Впрочем, мужчины и молодые парни менее довольны и мисс Эвелин и ее пробуждением. Через кисейный занавес был виден только силуэт, и, лишь когда мисс Эвелин медленно поворачивалась, можно было хоть как-то представить себе ее фигуру.
— Да на ней портки нижние! На этой мисс Эвелин! — раздался чей-то пьяный голос. — Этим нас не удивишь, это мы и дома имеем. А тут мы деньги платили.
В ответ послышался хохот и возмущенные окрики: «Тише, вы!»

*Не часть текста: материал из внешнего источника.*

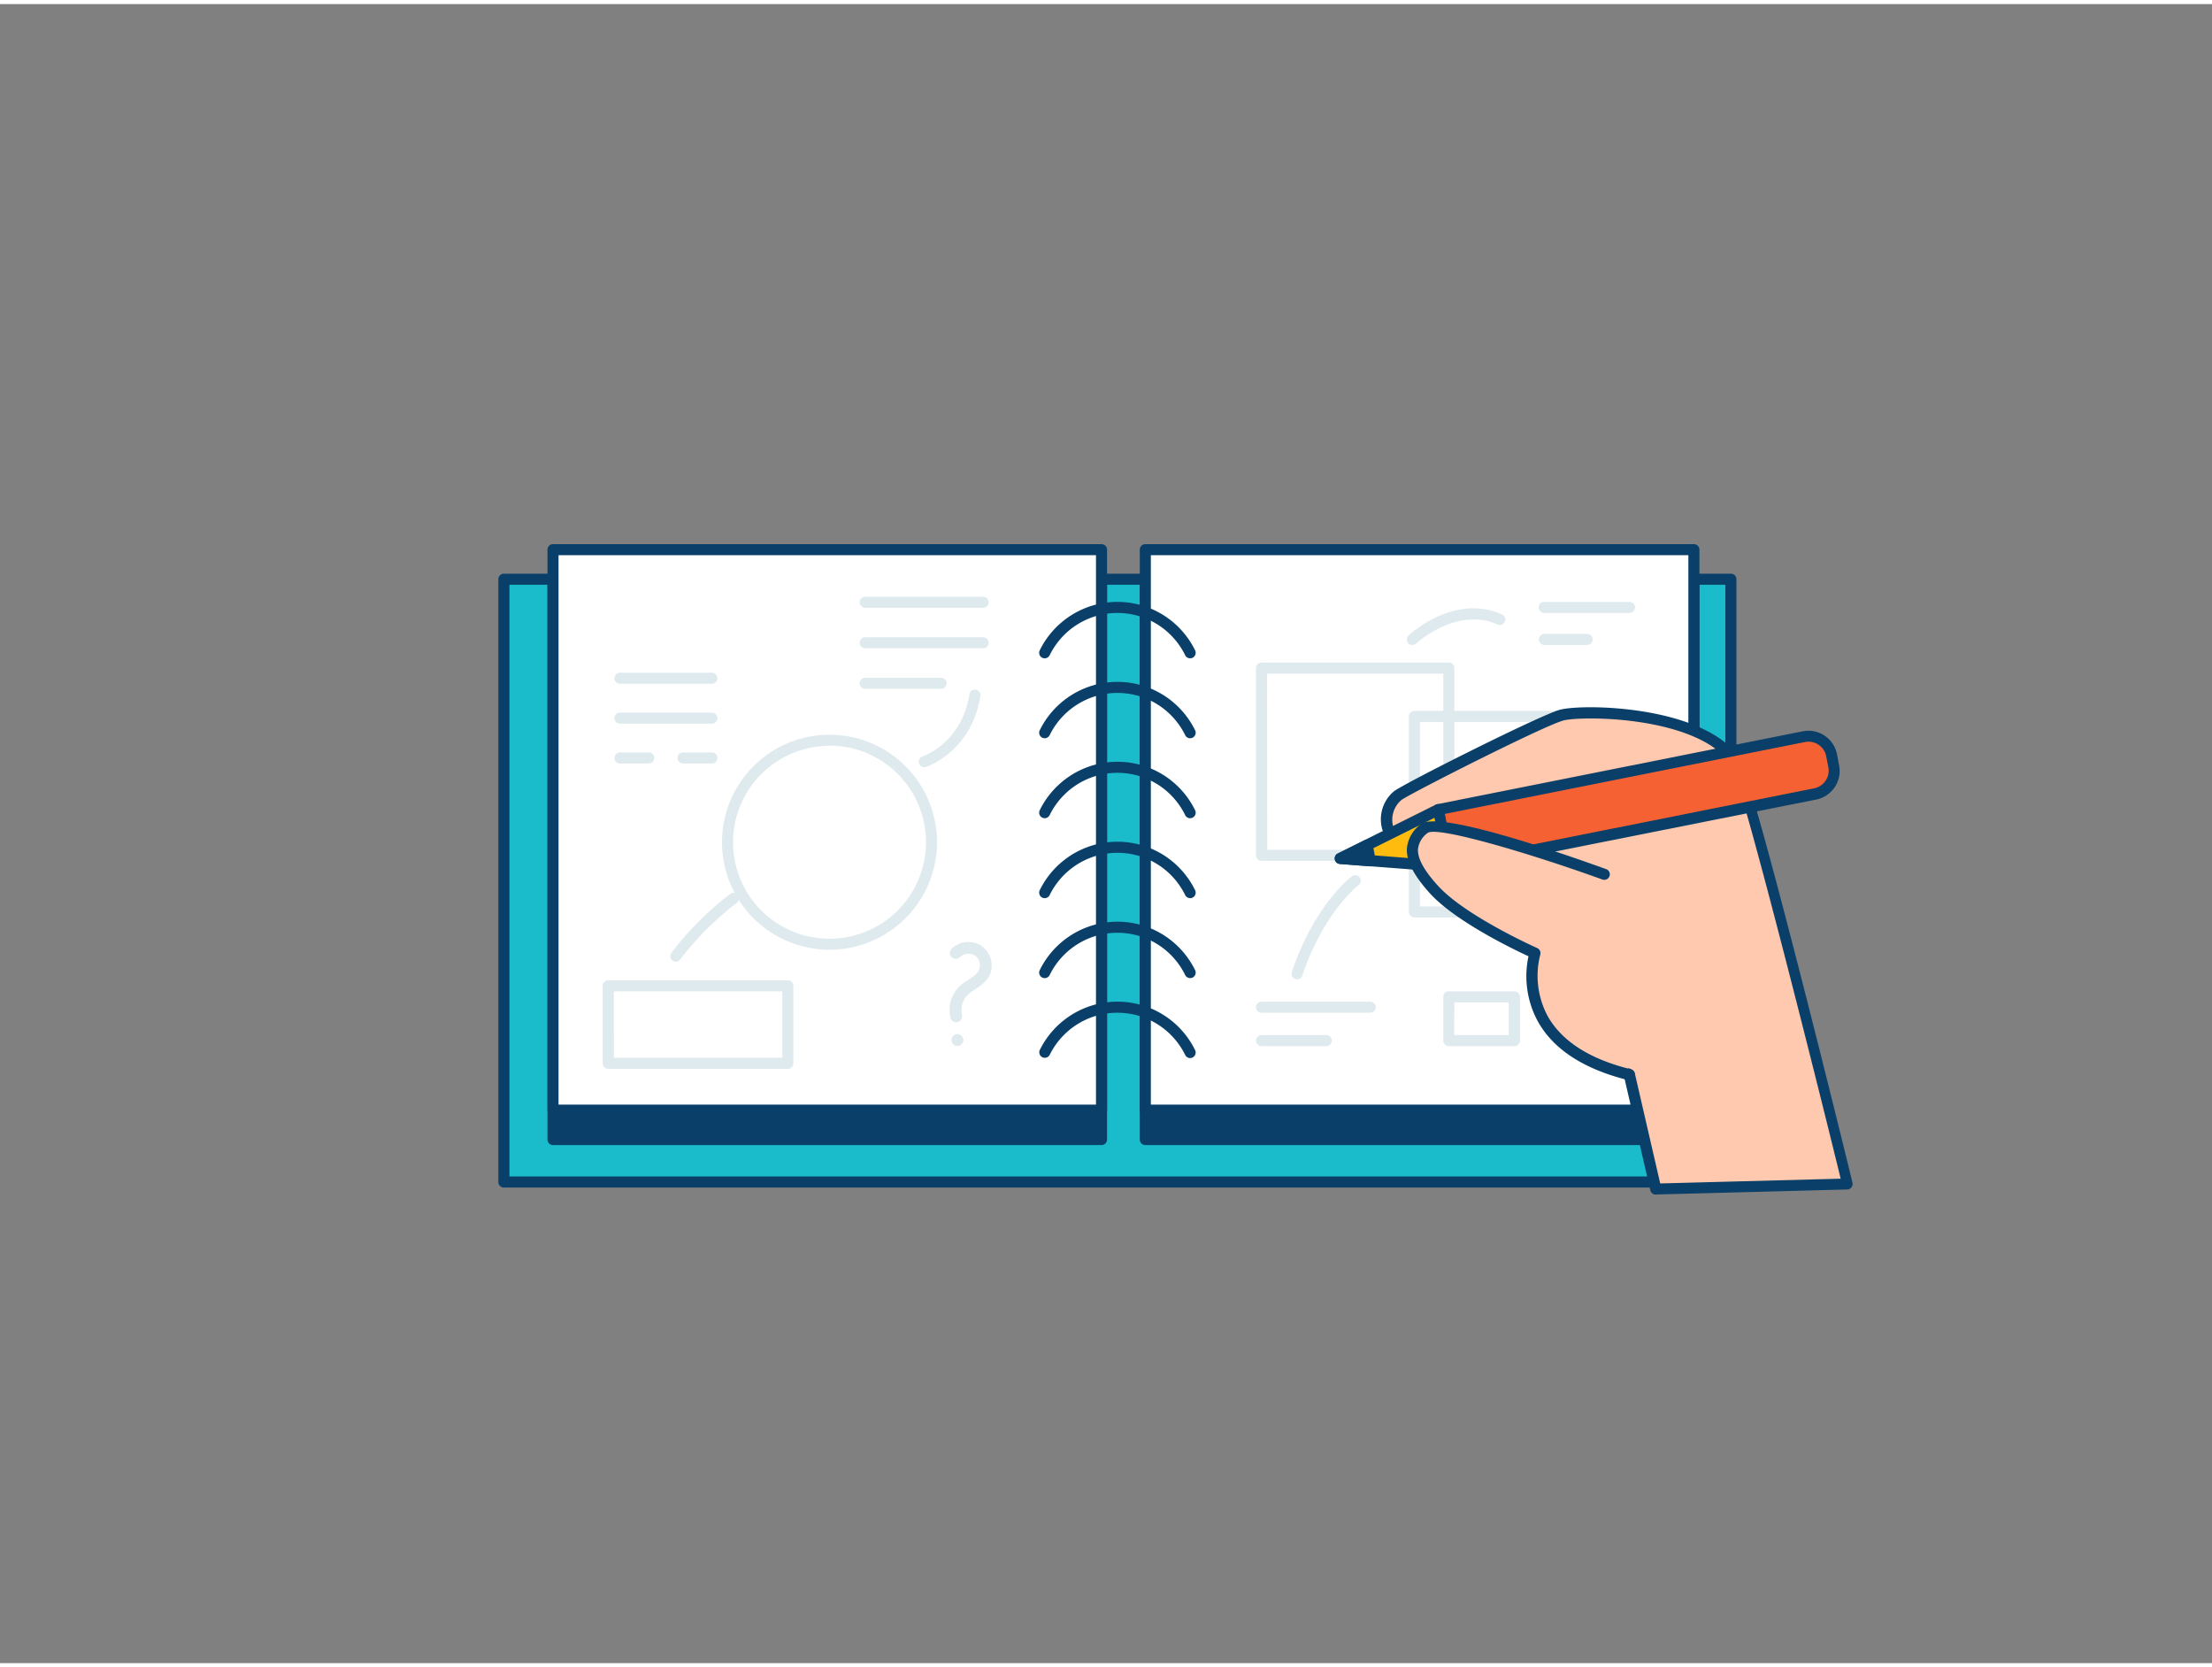 <svg xmlns="http://www.w3.org/2000/svg" viewBox="0 0 400 300" width="406" height="306" class="illustration styles_illustrationTablet__1DWOa"><rect x="0" y="0" width="400" height="300" fill="#808080" stroke="none"/><g id="_289_note_taking_outline" data-name="#289_note_taking_outline"><rect x="91.12" y="104.02" width="221.9" height="108.97" fill="#1abbca"></rect><path d="M313,214H91.12a1,1,0,0,1-1-1V104a1,1,0,0,1,1-1H313a1,1,0,0,1,1,1V213A1,1,0,0,1,313,214ZM92.12,212H312V105H92.12Z" fill="#093f68"></path><rect x="99.96" y="104.02" width="99.2" height="101.3" fill="#093f68"></rect><path d="M199.15,206.32H100a1,1,0,0,1-1-1V104a1,1,0,0,1,1-1h99.19a1,1,0,0,1,1,1v101.3A1,1,0,0,1,199.15,206.32Zm-98.19-2h97.19V105H101Z" fill="#093f68"></path><rect x="207.11" y="104.02" width="99.2" height="101.3" fill="#093f68"></rect><path d="M306.31,206.32h-99.2a1,1,0,0,1-1-1V104a1,1,0,0,1,1-1h99.2a1,1,0,0,1,1,1v101.3A1,1,0,0,1,306.31,206.32Zm-98.2-2h97.2V105h-97.2Z" fill="#093f68"></path><rect x="99.96" y="98.66" width="99.2" height="101.3" fill="#fff"></rect><path d="M199.15,201H100a1,1,0,0,1-1-1V98.66a1,1,0,0,1,1-1h99.19a1,1,0,0,1,1,1V200A1,1,0,0,1,199.15,201ZM101,199h97.19V99.66H101Z" fill="#093f68"></path><rect x="207.11" y="98.66" width="99.2" height="101.3" fill="#fff"></rect><path d="M306.31,201h-99.2a1,1,0,0,1-1-1V98.66a1,1,0,0,1,1-1h99.2a1,1,0,0,1,1,1V200A1,1,0,0,1,306.31,201Zm-98.2-2h97.2V99.66h-97.2Z" fill="#093f68"></path><path d="M215.22,190.59a1,1,0,0,1-.92-.6,13.65,13.65,0,0,0-24.47,0,1,1,0,0,1-1.83-.8,15.64,15.64,0,0,1,28.13,0,1,1,0,0,1-.51,1.31A1,1,0,0,1,215.22,190.59Z" fill="#093f68"></path><path d="M215.22,176.13a1,1,0,0,1-.92-.59,13.64,13.64,0,0,0-24.47,0,1,1,0,0,1-1.83-.81,15.64,15.64,0,0,1,28.13,0,1,1,0,0,1-.51,1.32A1.14,1.14,0,0,1,215.22,176.13Z" fill="#093f68"></path><path d="M215.22,161.67a1,1,0,0,1-.92-.59,13.64,13.64,0,0,0-24.47,0,1,1,0,1,1-1.83-.81,15.64,15.64,0,0,1,28.13,0,1,1,0,0,1-.51,1.32A1,1,0,0,1,215.22,161.67Z" fill="#093f68"></path><path d="M215.22,147.22a1,1,0,0,1-.92-.6,13.64,13.64,0,0,0-24.47,0,1,1,0,1,1-1.83-.81,15.64,15.64,0,0,1,28.13,0,1,1,0,0,1-.51,1.32A1,1,0,0,1,215.22,147.22Z" fill="#093f68"></path><path d="M215.22,132.76a1,1,0,0,1-.92-.6,13.65,13.65,0,0,0-24.47,0,1,1,0,1,1-1.83-.81,15.65,15.65,0,0,1,28.13,0,1,1,0,0,1-.51,1.32A1,1,0,0,1,215.22,132.76Z" fill="#093f68"></path><path d="M215.22,118.3a1,1,0,0,1-.92-.59,13.64,13.64,0,0,0-24.47,0,1,1,0,1,1-1.83-.81,15.64,15.64,0,0,1,28.13,0,1,1,0,0,1-.51,1.32A1.14,1.14,0,0,1,215.22,118.3Z" fill="#093f68"></path><path d="M150,171a19.44,19.44,0,1,1,19.44-19.43A19.46,19.46,0,0,1,150,171Zm0-36.87a17.44,17.44,0,1,0,17.44,17.44A17.45,17.45,0,0,0,150,134.09Z" fill="#dfeaef"></path><path d="M262,154.92H228.12a1,1,0,0,1-1-1V120.07a1,1,0,0,1,1-1H262a1,1,0,0,1,1,1v33.85A1,1,0,0,1,262,154.92Zm-32.84-2H261V121.07H229.12Z" fill="#dfeaef"></path><path d="M286.63,165.16H255.77a1,1,0,0,1-1-1V128.81a1,1,0,0,1,1-1h30.86a1,1,0,0,1,1,1v35.35A1,1,0,0,1,286.63,165.16Zm-29.86-2h28.86V129.81H256.77Z" fill="#dfeaef"></path><path d="M334.1,213.37c-.15-.69-18-73.52-20.44-76.76-6.61-8.81-27.54-9.06-31.26-8S254,142.12,252.77,143.18c-2.94,2.51-3.54,8.91,4.06,8.66a83.13,83.13,0,0,1,7.94,6.22c4.65,4.06,5.14,5.41,5.14,5.41s11.52,11,16.48,14.11c0,0-3.07,7.29.27,10.59a31.31,31.31,0,0,0,8,5.41l4.77,20.7Z" fill="#ffc9b0"></path><path d="M299.43,215.28a1,1,0,0,1-1-.78l-4.67-20.22a31.66,31.66,0,0,1-7.83-5.4c-3.12-3.08-1.52-8.81-.78-10.91-5.26-3.61-15.51-13.35-16-13.78a1,1,0,0,1-.26-.39s-.64-1.32-4.85-5a87.92,87.92,0,0,0-7.58-6h-.12c-4.35,0-5.83-2.12-6.33-3.4a6.6,6.6,0,0,1,2-7c1.54-1.31,26.31-13.73,30-14.78,2-.56,8.29-.78,15,.28,5.85.93,13.6,3.08,17.36,8.09,2.62,3.49,20.47,76.46,20.62,77.15a1,1,0,0,1-.95,1.21l-34.67.91Zm-28.71-52.41c1.29,1.21,11.67,11,16.21,13.87a1,1,0,0,1,.38,1.23c-.77,1.86-2.29,7.18.05,9.49a30.62,30.62,0,0,0,7.71,5.21,1,1,0,0,1,.56.69l4.59,19.9,32.63-.86c-2.38-9.87-17.88-72.22-20-75.19-6.41-8.54-27-8.54-30.19-7.65-3.79,1.08-28,13.37-29.26,14.38a4.68,4.68,0,0,0-1.47,4.78c.72,1.86,3,2.18,4.86,2.12a.92.92,0,0,1,.58.17,81.76,81.76,0,0,1,8,6.3C269.22,160.62,270.38,162.22,270.72,162.87Z" fill="#093f68"></path><path d="M262.1,156l-2-10.34,66.12-13.21a4.27,4.27,0,0,1,5,3.38l.38,1.95a4.27,4.27,0,0,1-3.38,5Z" fill="#f56132"></path><path d="M262.1,157a1,1,0,0,1-.56-.17,1,1,0,0,1-.42-.64l-2-10.34a1,1,0,0,1,.78-1.17L326,131.5a5.27,5.27,0,0,1,6.19,4.17l.38,2a5.27,5.27,0,0,1-4.17,6.18L262.3,157Zm-.84-10.56,1.63,8.38,65.14-13a3.27,3.27,0,0,0,2.59-3.84l-.38-1.95a3.27,3.27,0,0,0-3.84-2.59Z" fill="#093f68"></path><polygon points="262.1 156.03 247.78 154.92 242.37 154.5 247.23 152.09 260.09 145.69 262.1 156.03" fill="#ffbc0e"></polygon><path d="M262.1,157H262l-19.73-1.52a1,1,0,0,1-.37-1.89l17.72-8.82a1,1,0,0,1,.89,0,1,1,0,0,1,.54.71l2,10.33a1,1,0,0,1-.23.86A1,1,0,0,1,262.1,157Zm-16-3.25,14.81,1.15-1.51-7.76Z" fill="#093f68"></path><polygon points="247.78 154.92 242.37 154.5 247.23 152.09 247.78 154.92" fill="#093f68"></polygon><path d="M247.78,155.92h-.07l-5.42-.42a1,1,0,0,1-.37-1.89l4.86-2.42a1,1,0,0,1,.89,0,1,1,0,0,1,.54.7l.55,2.84a1,1,0,0,1-1,1.19Zm-1.72-2.14.49,0-.05-.25Z" fill="#093f68"></path><path d="M290,157.31s-29.6-10.68-32.46-8.27-3.46,5.26,1.65,11,18.34,11.57,18.34,11.57-5.29,16.5,17.09,22" fill="#ffc9b0"></path><path d="M294.66,194.58a1,1,0,0,1-.24,0c-8-2-13.48-5.53-16.31-10.59a17.1,17.1,0,0,1-1.71-11.81c-2.95-1.36-13.38-6.41-17.91-11.47-2.94-3.28-4.23-5.86-4.07-8.1a6.12,6.12,0,0,1,2.52-4.31c3-2.5,24.38,4.83,33.44,8.1a1,1,0,1,1-.67,1.88c-13.71-4.94-29.64-9.57-31.5-8.43a4.21,4.21,0,0,0-1.79,2.9c-.12,1.65,1,3.81,3.56,6.62,4.91,5.49,17.87,11.27,18,11.33a1,1,0,0,1,.54,1.22A15.42,15.42,0,0,0,279.87,183c2.56,4.55,7.61,7.78,15,9.6a1,1,0,0,1,.73,1.21A1,1,0,0,1,294.66,194.58Z" fill="#093f68"></path><path d="M234.56,176.34a1.13,1.13,0,0,1-.32-.05,1,1,0,0,1-.63-1.27c4.06-12.1,10.59-17.1,10.86-17.3a1,1,0,0,1,1.21,1.6h0c-.07.05-6.33,4.88-10.18,16.34A1,1,0,0,1,234.56,176.34Z" fill="#dfeaef"></path><path d="M247.78,182.39H228.12a1,1,0,0,1,0-2h19.66a1,1,0,0,1,0,2Z" fill="#dfeaef"></path><path d="M239.82,188.43h-11.7a1,1,0,0,1,0-2h11.7a1,1,0,0,1,0,2Z" fill="#dfeaef"></path><path d="M294.66,110.1H279.24a1,1,0,0,1,0-2h15.42a1,1,0,0,1,0,2Z" fill="#dfeaef"></path><path d="M287,115.89h-7.71a1,1,0,0,1,0-2H287a1,1,0,0,1,0,2Z" fill="#dfeaef"></path><path d="M255.41,115.89a1,1,0,0,1-.74-.32,1,1,0,0,1,.06-1.41c.33-.32,8.33-7.63,16.88-3.79a1,1,0,0,1,.5,1.32,1,1,0,0,1-1.32.5c-7.35-3.29-14.63,3.36-14.7,3.43A1,1,0,0,1,255.41,115.89Z" fill="#dfeaef"></path><path d="M273.83,188.43H262a1,1,0,0,1-1-1v-7.91a1,1,0,0,1,1-1h11.87a1,1,0,0,1,1,1v7.91A1,1,0,0,1,273.83,188.43Zm-10.87-2h9.87v-5.91H263Z" fill="#dfeaef"></path><path d="M177.79,109.17H156.45a1,1,0,0,1,0-2h21.34a1,1,0,0,1,0,2Z" fill="#dfeaef"></path><path d="M177.79,116.49H156.45a1,1,0,0,1,0-2h21.34a1,1,0,0,1,0,2Z" fill="#dfeaef"></path><path d="M170.18,123.82H156.45a1,1,0,0,1,0-2h13.73a1,1,0,0,1,0,2Z" fill="#dfeaef"></path><path d="M142.47,192.54H110a1,1,0,0,1-1-1v-14a1,1,0,0,1,1-1h32.46a1,1,0,0,1,1,1v14A1,1,0,0,1,142.47,192.54Zm-31.46-2h30.46v-12H111Z" fill="#dfeaef"></path><path d="M122.21,173.16a1,1,0,0,1-.6-.2,1,1,0,0,1-.2-1.4,56,56,0,0,1,10.66-10.67,1,1,0,0,1,1.18,1.62A54.9,54.9,0,0,0,123,172.76,1,1,0,0,1,122.21,173.16Z" fill="#dfeaef"></path><path d="M128.73,122.91H112.11a1,1,0,1,1,0-2h16.62a1,1,0,0,1,0,2Z" fill="#dfeaef"></path><path d="M128.73,130.12H112.11a1,1,0,0,1,0-2h16.62a1,1,0,1,1,0,2Z" fill="#dfeaef"></path><path d="M128.73,137.32h-5.22a1,1,0,1,1,0-2h5.22a1,1,0,0,1,0,2Z" fill="#dfeaef"></path><path d="M117.32,137.32h-5.21a1,1,0,0,1,0-2h5.21a1,1,0,0,1,0,2Z" fill="#dfeaef"></path><path d="M167.12,138a1,1,0,0,1-.32-1.94c.3-.1,7.12-2.53,8.5-11.25a1,1,0,0,1,1.15-.83,1,1,0,0,1,.83,1.15c-1.58,9.95-9.5,12.71-9.84,12.82A.89.89,0,0,1,167.12,138Z" fill="#dfeaef"></path><path d="M177.09,170.06a4.43,4.43,0,0,0-5.07.81,1.07,1.07,0,0,0,1.51,1.51,2.2,2.2,0,0,1,3.15,0,2.24,2.24,0,0,1-.29,3.14,15.6,15.6,0,0,1-1.83,1.26,7,7,0,0,0-1.78,1.69,6,6,0,0,0-.88,4.9,1.07,1.07,0,0,0,2.06-.57,3.93,3.93,0,0,1,1.83-4.27c1.5-1,3.15-2,3.47-3.91A4.33,4.33,0,0,0,177.09,170.06Z" fill="#dfeaef"></path><path d="M173.13,186.26a1.07,1.07,0,0,0,0,2.14A1.07,1.07,0,0,0,173.13,186.26Z" fill="#dfeaef"></path></g></svg>

В задних рядах сгрудились те посетители, которые приобрели билеты задолго до начала представления, но зашли в палатку только в последнюю минуту, а то как бы кто-нибудь не заметил, на каком неприличном зрелище они присутствуют. Дрожа, сидели они на своих местах и молча переживали все муки и радости преднамеренно совершенного грехопадения. В передних же рядах собрались завсегдатаи Урфарской ярмарки, бахвалившиеся во всех пивных и винных палатках, что нынче непременно зайдут к «парижанкам» поглядеть, какие те новые коленца выкинут.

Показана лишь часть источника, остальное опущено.